▶ **EXERCISE BRIEF**
Print the records below exactly, and do not carry over any picture.

▶ **DATA SUPPLIED**

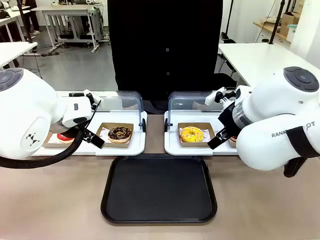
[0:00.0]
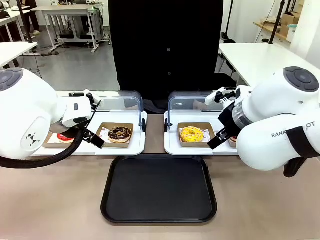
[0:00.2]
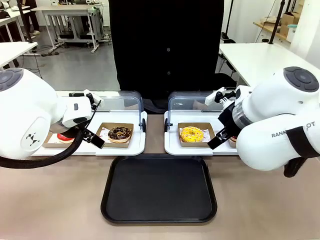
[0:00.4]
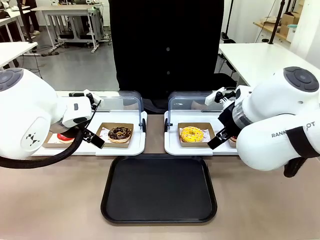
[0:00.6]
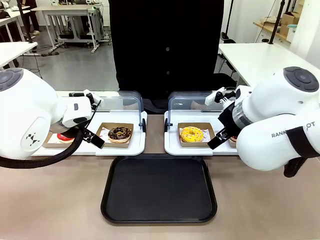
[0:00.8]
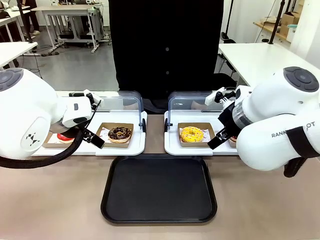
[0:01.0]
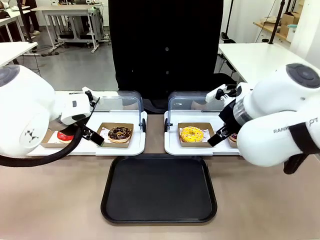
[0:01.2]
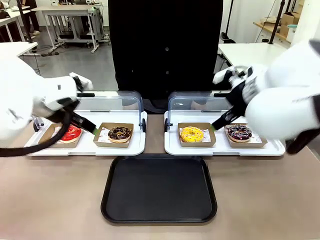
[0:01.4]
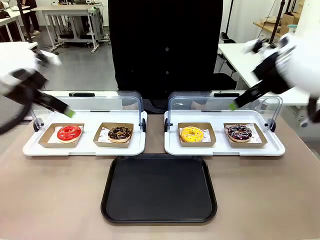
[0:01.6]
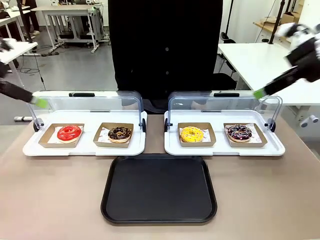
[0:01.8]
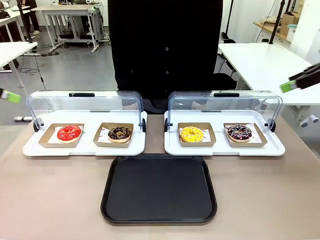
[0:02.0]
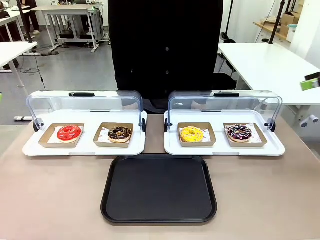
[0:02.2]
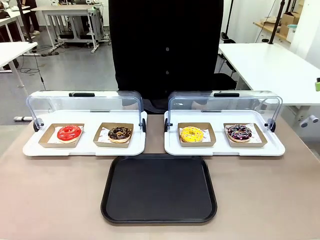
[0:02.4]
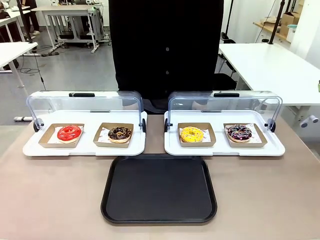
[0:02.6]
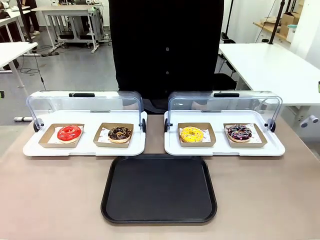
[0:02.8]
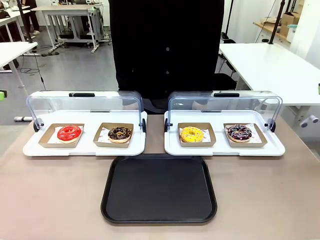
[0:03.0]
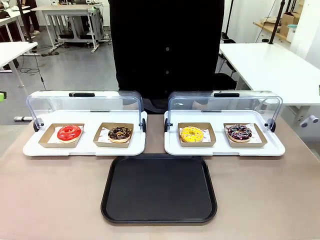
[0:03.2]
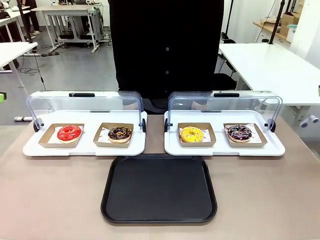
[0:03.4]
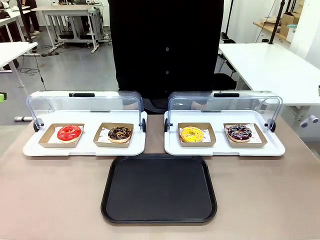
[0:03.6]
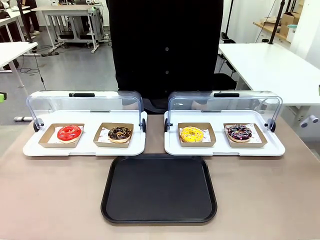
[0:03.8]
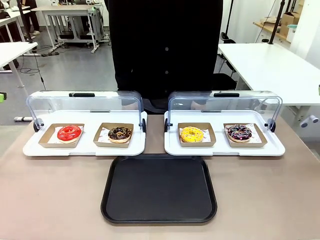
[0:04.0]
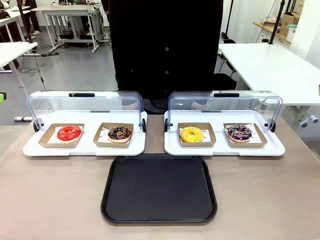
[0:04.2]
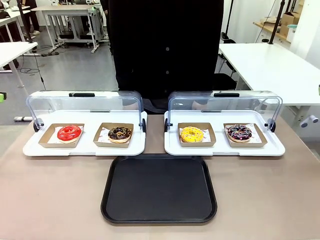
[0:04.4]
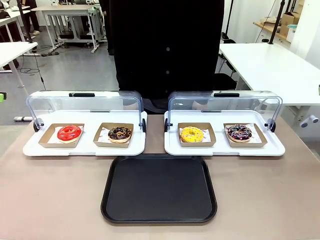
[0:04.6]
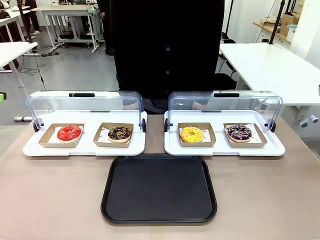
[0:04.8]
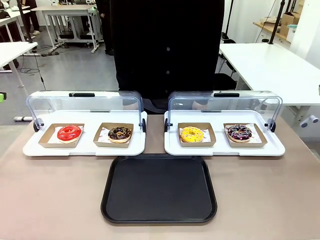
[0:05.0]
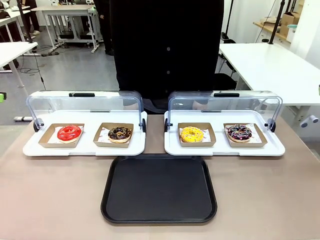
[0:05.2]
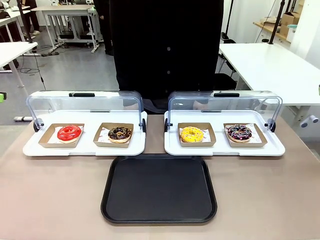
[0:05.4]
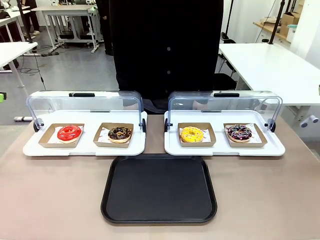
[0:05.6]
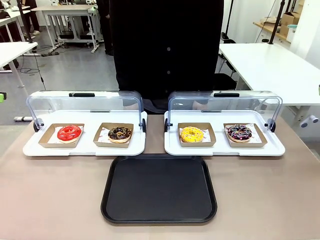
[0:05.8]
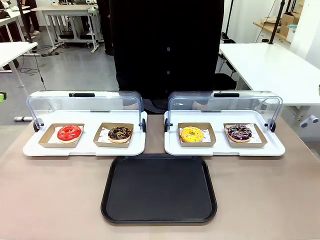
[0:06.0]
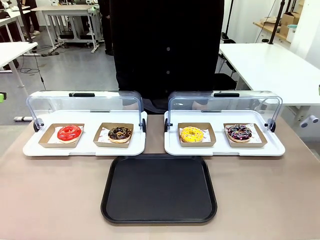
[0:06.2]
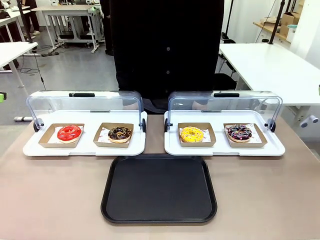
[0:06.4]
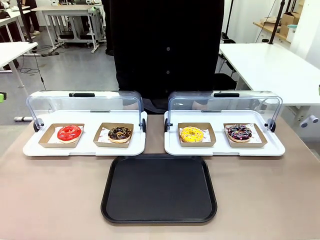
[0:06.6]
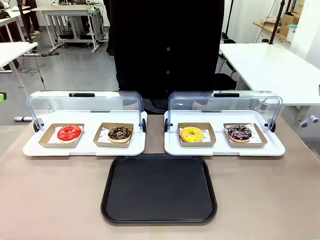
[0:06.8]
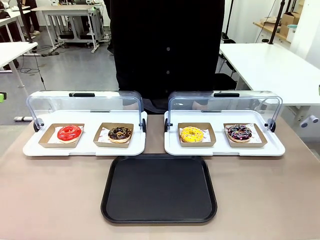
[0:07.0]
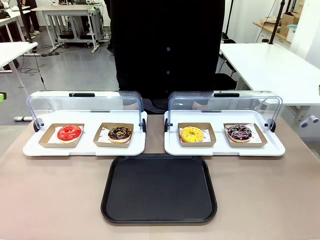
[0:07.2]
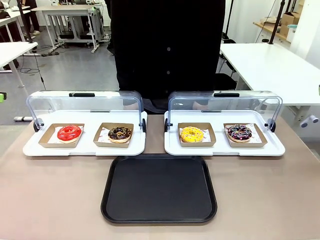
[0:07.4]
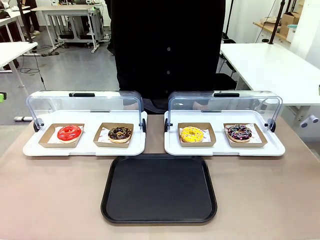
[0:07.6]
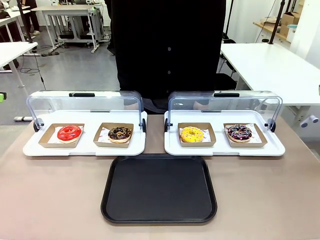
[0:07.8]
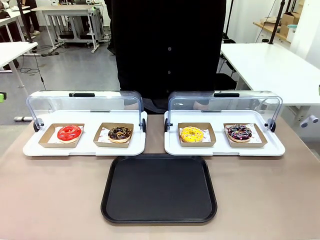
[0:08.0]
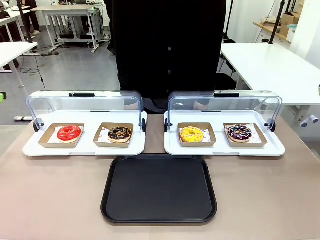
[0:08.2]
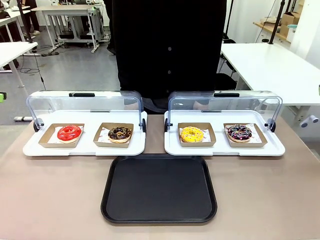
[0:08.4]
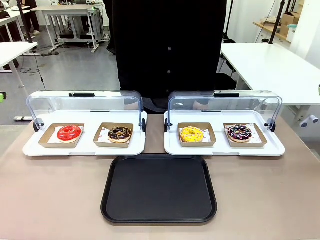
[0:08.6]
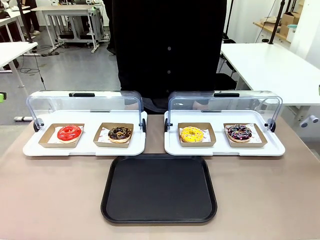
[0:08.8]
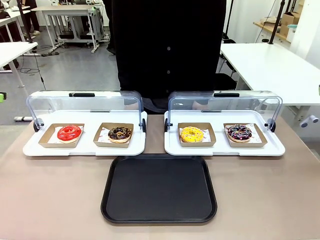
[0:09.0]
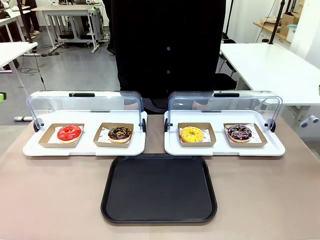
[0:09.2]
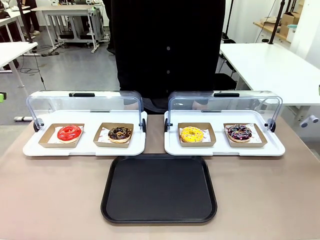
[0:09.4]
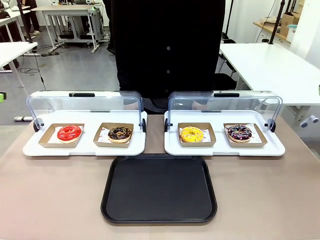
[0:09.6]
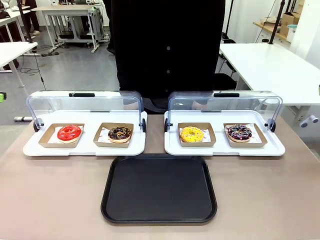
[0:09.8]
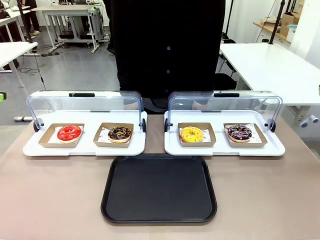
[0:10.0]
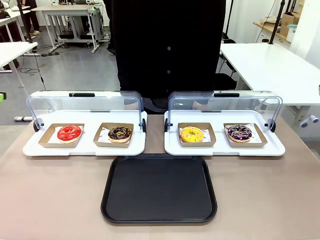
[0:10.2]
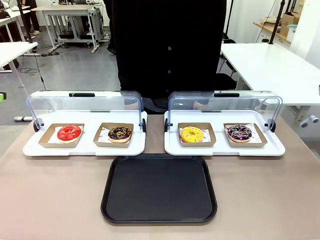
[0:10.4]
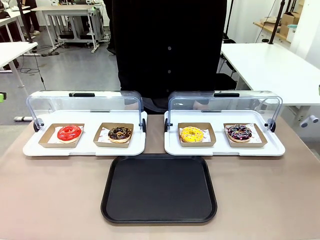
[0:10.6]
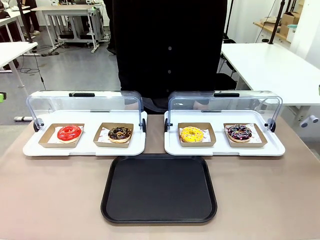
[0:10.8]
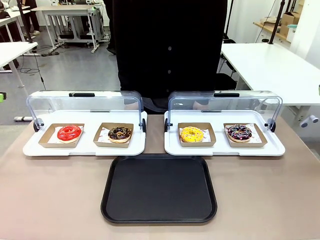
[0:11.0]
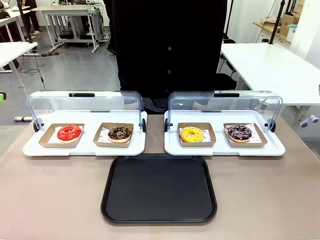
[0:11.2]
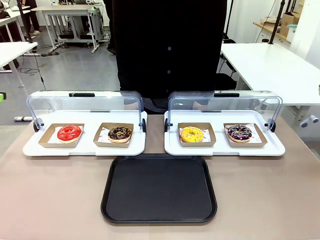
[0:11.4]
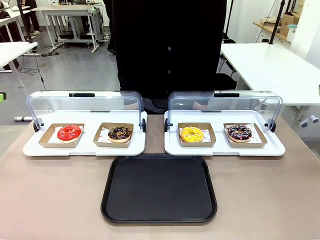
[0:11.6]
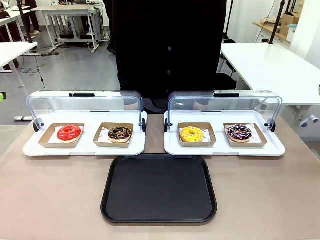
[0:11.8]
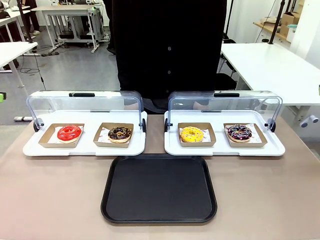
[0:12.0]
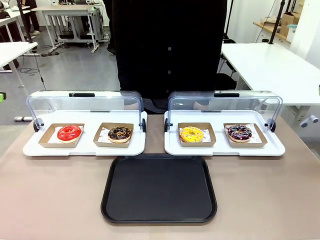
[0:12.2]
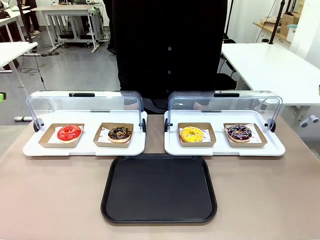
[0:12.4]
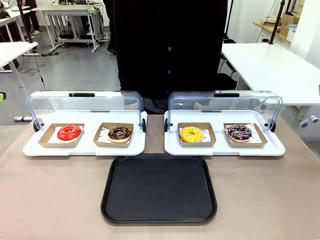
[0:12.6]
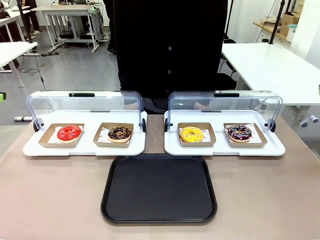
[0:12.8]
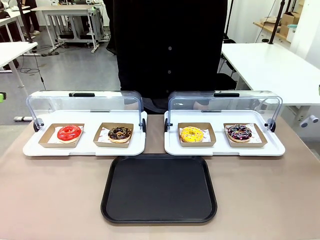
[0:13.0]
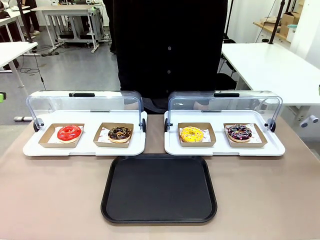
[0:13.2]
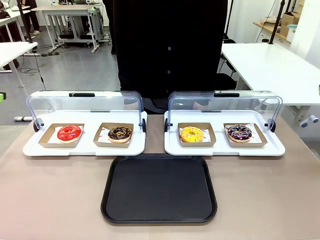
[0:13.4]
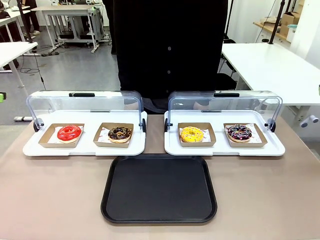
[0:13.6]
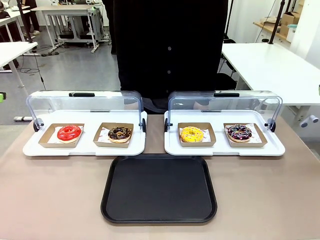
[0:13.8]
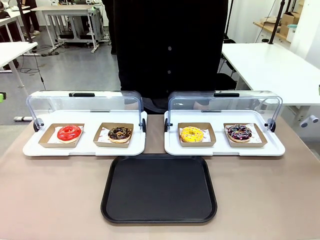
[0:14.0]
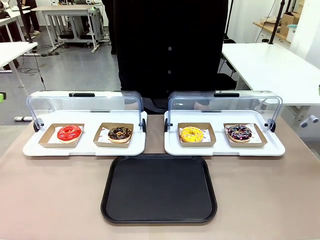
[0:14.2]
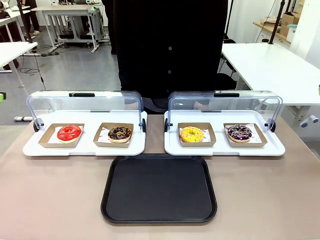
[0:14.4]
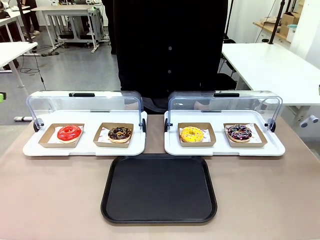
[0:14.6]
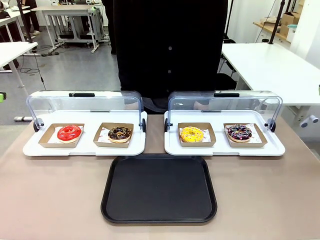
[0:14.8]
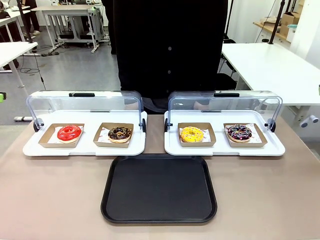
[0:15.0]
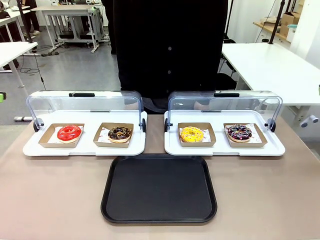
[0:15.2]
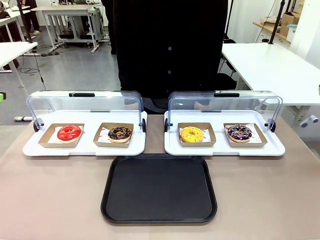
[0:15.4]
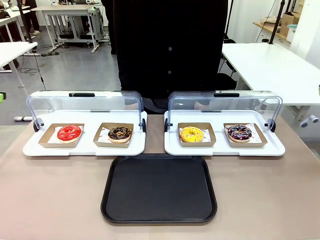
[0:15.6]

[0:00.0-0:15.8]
Task: Move the fourth donut from the left to the tray.
Robot: Pick up the Paper togo box containing the Donut indicated by the person and place it on the Handle tray.

▶ **FINAL ANSWER**
[0:00.0]
[0:00.2]
[0:00.4]
[0:00.6]
[0:00.8]
[0:01.0]
[0:01.2]
[0:01.4]
[0:01.6]
[0:01.8]
[0:02.0]
[0:02.2]
[0:02.4]
[0:02.6]
[0:02.8]
[0:03.0]
[0:03.2]
[0:03.4]
[0:03.6]
[0:03.8]
[0:04.0]
[0:04.2]
[0:04.4]
[0:04.6]
[0:04.8]
[0:05.0]
[0:05.2]
[0:05.4]
[0:05.6]
[0:05.8]
[0:06.0]
[0:06.2]
[0:06.4]
[0:06.6]
[0:06.8]
[0:07.0]
[0:07.2]
[0:07.4]
[0:07.6]
[0:07.8]
[0:08.0]
[0:08.2]
[0:08.4]
[0:08.6]
[0:08.8]
[0:09.0]
[0:09.2]
[0:09.4]
[0:09.6]
[0:09.8]
[0:10.0]
[0:10.2]
[0:10.4]
[0:10.6]
[0:10.8]
[0:11.0]
[0:11.2]
[0:11.4]
[0:11.6]
[0:11.8]
[0:12.0]
[0:12.2]
[0:12.4]
[0:12.6]
[0:12.8]
[0:13.0]
[0:13.2]
[0:13.4]
[0:13.6]
[0:13.8]
[0:14.0]
[0:14.2]
[0:14.4]
[0:14.6]
[0:14.8]
[0:15.0]
[0:15.2]
[0:15.4]
[0:15.6]

[0:00.0-0:15.8]
Task: Move the fourth donut from the left to the tray.
Robot: Pick up the Paper togo box containing the Donut indicated by the person and place it on the Handle tray.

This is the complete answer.